Moreover, apart from the fact that the dominant perpetrator of the criminal enterprise received a life sentence, Annette’s death sentence is still disproportionate to the sentences imposed in other sex-related murder cases. The majority finds nine cases to be comparable to Annette’s case for purposes of its proportionality review. Of those nine, two resulted in the imposition of a death sentence by the court or jury. As those cases, State v. David Thomas Maziarz and State v. James Russell Trimble, have yet to be reviewed by this Court, they are not particularly relevant to the proportionality determination.

In the other seven cases noted by the majority, the sentencing authority imposed life imprisonment. The defendants in those cases were between the ages of eighteen and thirty-six. Annette was nineteen years of age when she committed the crime. She was diagnosed by her doctors as having a borderline personality disorder, and she has a recorded history of learning disabilities. In all of the cases reviewed by the majority, the defendants committed the murder and rape or attempted rape of their victims as principals in the first degree. Annette was a principal in the first degree to murder but a principal in the second degree to the rape and the sexual offense.

In three of the seven cases where life imprisonment was imposed, the defendants Elvis Horton, John Kevin Johnson, and Howard Hines, had criminal records involving prior “crimes of violence” or other serious crimes. Both Horton and Hines had previously been convicted of rape or assault with intent to rape, along with several crimes involving the use of a deadly weapon. In addition, Johnson was found to have bragged about his killing to five witnesses, and then attempted to contract for several of their murders. Annette has not previously been convicted of a crime of violence. Unlike the seven cases considered by the majority, in the present case it is unclear precisely what events precipitated the victim’s death. Furthermore, the jury was unable to find that Annette willfully, deliberately, and with premeditation, murdered the victim; the jury found only felony murder.

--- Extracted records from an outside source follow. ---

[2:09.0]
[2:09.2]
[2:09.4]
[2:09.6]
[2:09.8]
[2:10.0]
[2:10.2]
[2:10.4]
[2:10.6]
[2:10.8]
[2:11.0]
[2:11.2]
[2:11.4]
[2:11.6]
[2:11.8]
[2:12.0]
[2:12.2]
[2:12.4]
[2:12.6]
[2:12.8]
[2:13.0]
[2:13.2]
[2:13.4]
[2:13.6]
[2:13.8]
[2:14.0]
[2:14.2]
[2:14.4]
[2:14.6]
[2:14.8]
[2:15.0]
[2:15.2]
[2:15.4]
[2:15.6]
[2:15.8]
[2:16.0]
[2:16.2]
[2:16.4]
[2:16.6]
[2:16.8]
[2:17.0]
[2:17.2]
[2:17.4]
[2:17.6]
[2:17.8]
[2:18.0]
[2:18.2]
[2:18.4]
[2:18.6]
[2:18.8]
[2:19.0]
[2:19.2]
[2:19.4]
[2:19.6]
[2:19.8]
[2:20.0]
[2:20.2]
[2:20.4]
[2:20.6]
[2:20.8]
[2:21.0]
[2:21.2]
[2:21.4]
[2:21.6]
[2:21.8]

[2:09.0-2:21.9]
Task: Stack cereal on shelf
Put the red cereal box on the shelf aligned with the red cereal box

The crimes committed by Annette and her husband were horrible, and I do not intend to minimize that fact. Nevertheless, the horrible nature of the criminal enterprise is not the statutory basis for our review of the death penalty. Instead, the question is whether the death sentence is disproportionate to the sentences imposed in similar cases. Comparing this case to similar cases, all involving sentences of life imprisonment, compels the conclusion that the death sentence here is disproportionate.

III.

Even if the majority were correct in holding that Annette’s death sentence is not disproportionate to that imposed in similar cases, Annette’s case should nevertheless be remanded to the trial court for further consideration of the sentence. A defendant is only eligible for the death penalty where at least one of several statutory aggravating factors is found to exist beyond a reasonable doubt, Tichnell v. State, supra, 287 Md. at 729, 415 A.2d 830. In the present case, the jury found Annette guilty of rape, sexual offense and robbery, and the trial judge apparently relied on all three felonies as aggravating circumstances, pursuant to § 413(d)(10). Annette was a second degree principal with respect to at least two of these crimes. Despite Annette’s status as a second degree principal to these crimes, the majority concludes that they were aggravating circumstances under § 413(d)(10). I disagree.

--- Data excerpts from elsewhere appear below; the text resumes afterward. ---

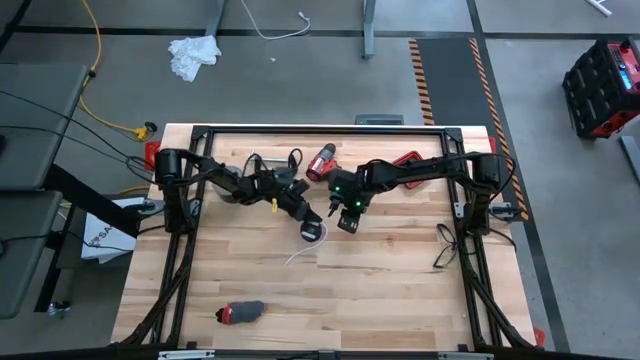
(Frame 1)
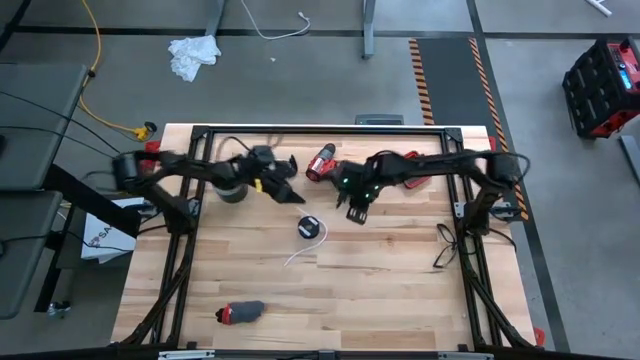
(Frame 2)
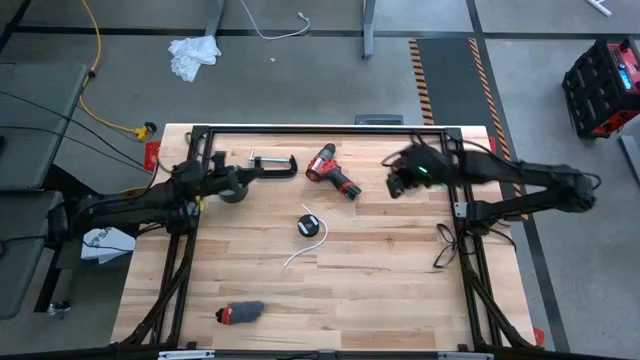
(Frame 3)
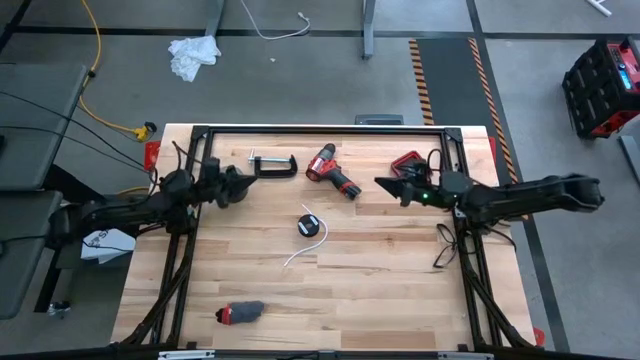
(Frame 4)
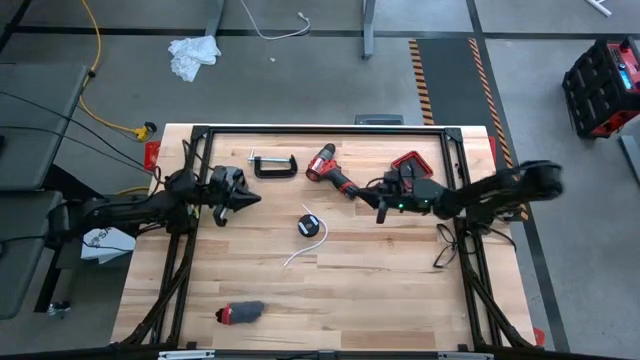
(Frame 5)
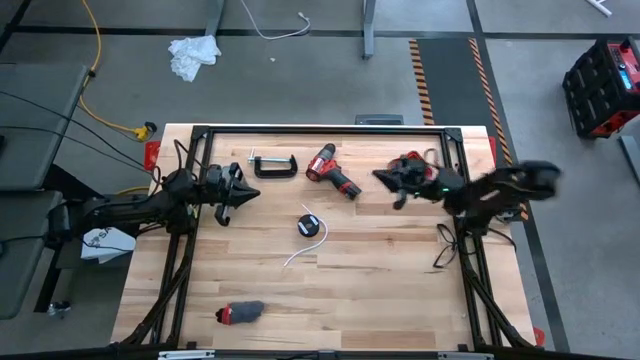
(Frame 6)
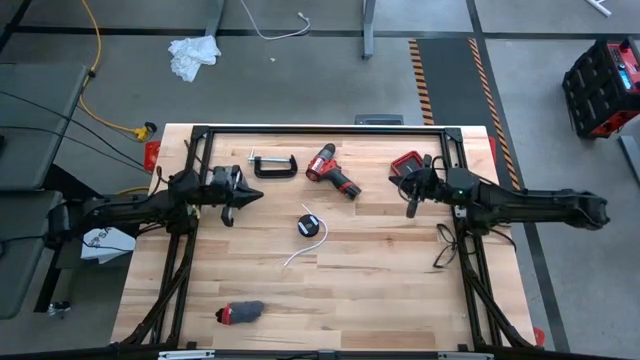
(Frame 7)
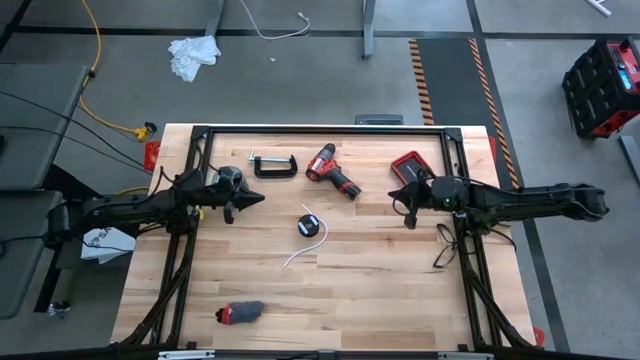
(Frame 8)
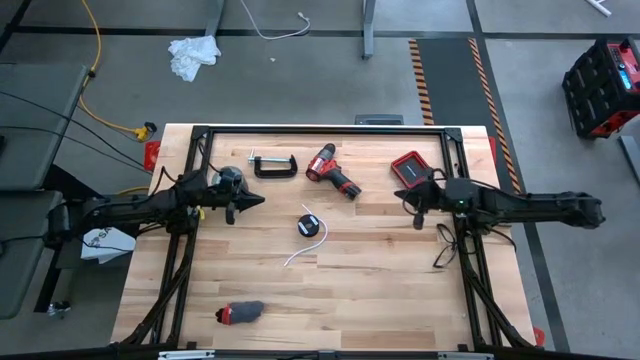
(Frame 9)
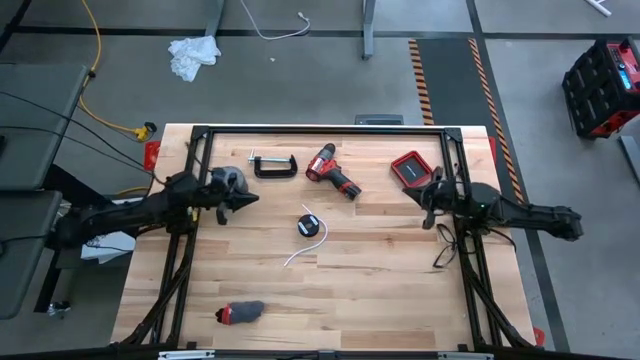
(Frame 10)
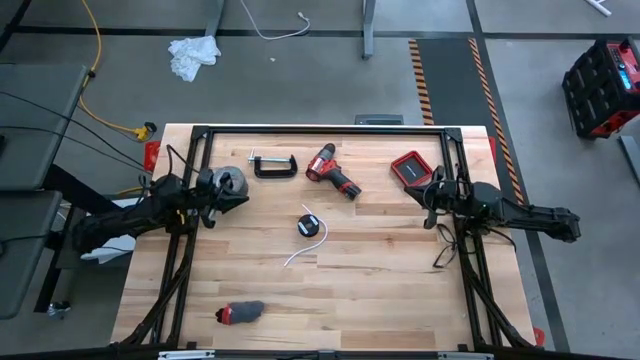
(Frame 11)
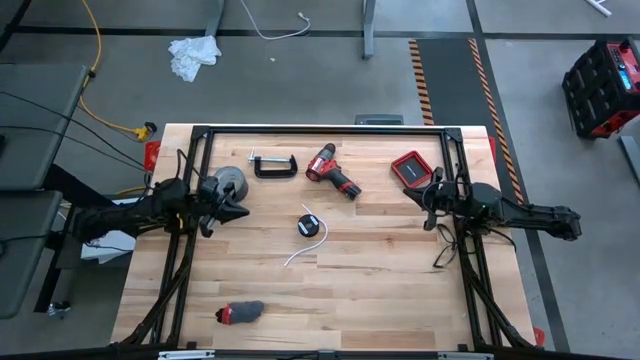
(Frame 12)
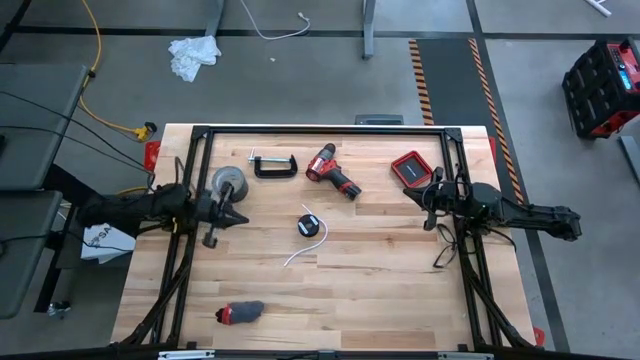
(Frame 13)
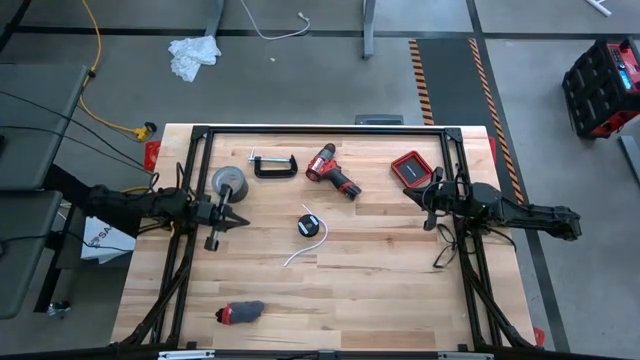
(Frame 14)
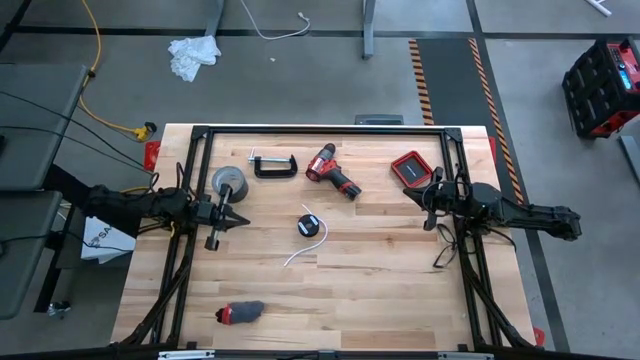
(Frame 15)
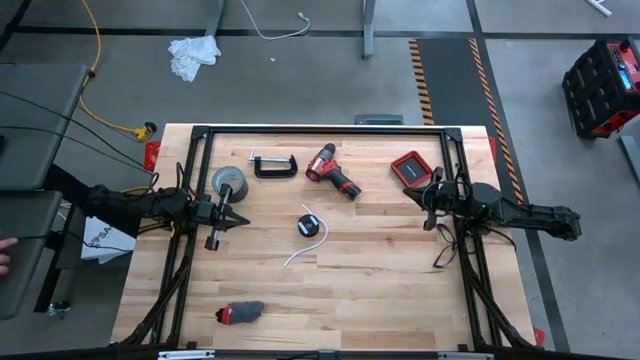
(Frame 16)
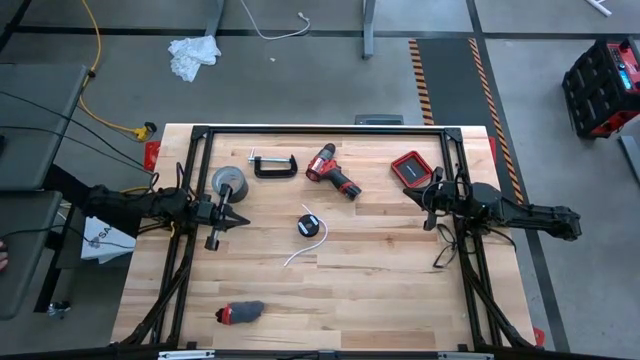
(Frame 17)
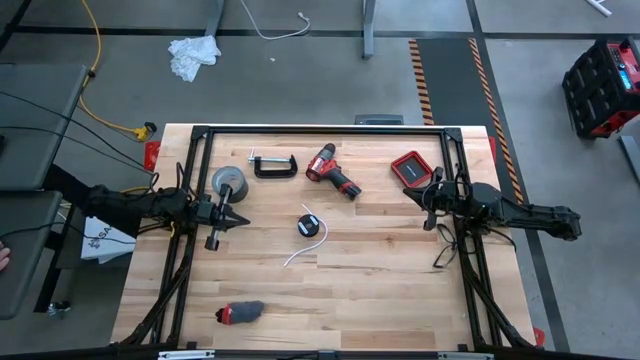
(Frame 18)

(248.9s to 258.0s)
Task: Coil cords
Return to Home Position

Under the plain language of the statute, if a crime listed in § 413(d)(10) is the sole aggravating circumstance relied upon, the sentencing authority may only consider imposition of the death penalty if the defendant is a principal in the first degree to both the murder and the underlying aggravating crime. Since Annette was only convicted of rape and sexual assault as a principal in the second degree, these crimes can not properly serve as aggravating factors under § 413(d)(10). Moreover, since the trial record does not indicate whether Annette was found guilty of robbery as a principal in the first or second degree, it is uncertain whether she is even eligible for the death penalty. Accordingly, the case should be remanded to the trial court for a determination of this issue.

As stated above, the plain language of § 413 compels the conclusion that one must be a principal in the first degree to one of the crimes listed in § 413(d)(10) for that crime to constitute an aggravating circumstance. Moreover, absent an indication that the statutory terminology was intended to take on a special meaning, the Court must give effect to the plain and ordinary sense of words chosen; there is no need to look further or consider rules of statutory construction. See Ryder Truck Lines v. Kennedy, 296 Md. 528, 535-536, 463 A.2d 850 (1983); Blum v. Blum, 295 Md. 135, 140, 453 A.2d 824 (1983); Mauzy v. Hornbeck, 285 Md. 84, 93, 400 A.2d 1091 (1979), and cases cited therein.

Aggravating circumstance number ten, rélied on in this case, is that “the defendant committed the murder while committing or attempting to commit robbery, arson, rape or sexual offense in the first degree.” The word “defendant” at the beginning of the sentence is the subject of the phrase “committed the murder” as well as the phrase “while committing or attempting to commit robbery, arson, rape or sexual offense in the first degree.” Section 413(e) provides that, except for the purposes of subsection (d)(7), the terms “defendant” and “person” as used in the section “include only a principal in the first degree.” Accordingly, each time the word “defendant” or “person” appears in the section we are to replace it with the phrase “principal in the first degree.” Substituting this definition wherever the word “defendant” is implicated in § 413(d)(10), the tenth aggravating factor is necessarily limited to that situation where a party commits murder as a first degree principal while also committing one of the enumerated crimes as a first degree principal.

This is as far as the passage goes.